The Developer API is a set of Kubernetes CRDs designed to simplify, streamline and reduce the cognitive burden of application development on Kubernetes for development teams. Instead of exposing the entire configuration surface of the Kubernetes API, these abstractions provide a more intuitive and domain-driven way to define projects, their components, and their interactions via endpoints and dependencies.

OpenChoreo avoids "black-box" abstractions that completely obscure Kubernetes. Instead, these provide a way for platform teams to create opinionated, reusable templates that define organizational best practices and standards as intent-driven interfaces for their development teams. This shift-down approach in OpenChoreo is enabled by programmable Component Types, Traits and Workflows (that are part of the platform API).

shift-down reduces developer cognitive load by offloading complexity to the platform, whereas shift-left often increases it.

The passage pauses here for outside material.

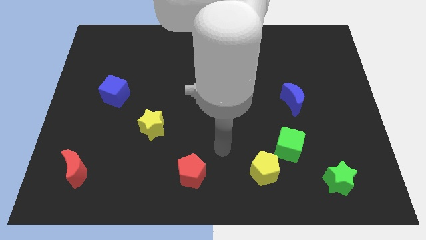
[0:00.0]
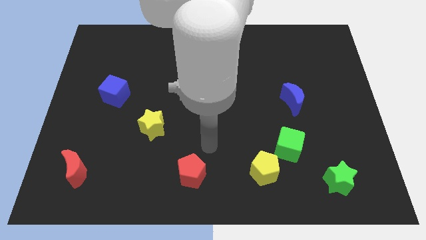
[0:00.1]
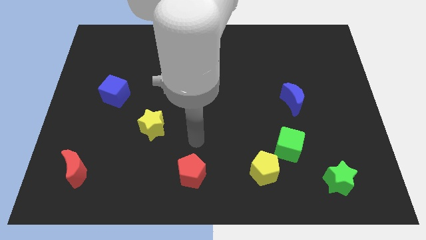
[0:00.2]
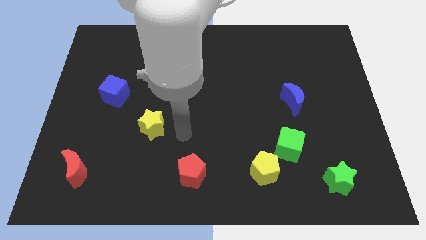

Creating abstractions for developer intent means enabling self-service for day-to-day tasks as golden paths in your IDP, shifting away from forcing developers to figure out the "how" of Kubernetes and ticket-driven operations.

e.g.,

  • "creating a component",
  • "defining a grouping of components as a project",
  • "building, testing and deploying a component",
  • "exposing a port of a component with a network visibility level (external/internal/namespace/project)",
  • "defining a dependency on another component or an external system",
  • "debugging a component in an environment with logs, metrics and traces" are all examples of developer intent that can be abstracted away from the underlying infrastructure operations.

Figure 3 (below) illustrates the relationships between these abstractions. Note that Workflows and WorkflowRuns have been omitted from the diagram for simplicity, but they are also important abstractions in the Developer API that allow platform teams to define reusable CI/CD, resource provisioning and other workflows as golden paths for developers.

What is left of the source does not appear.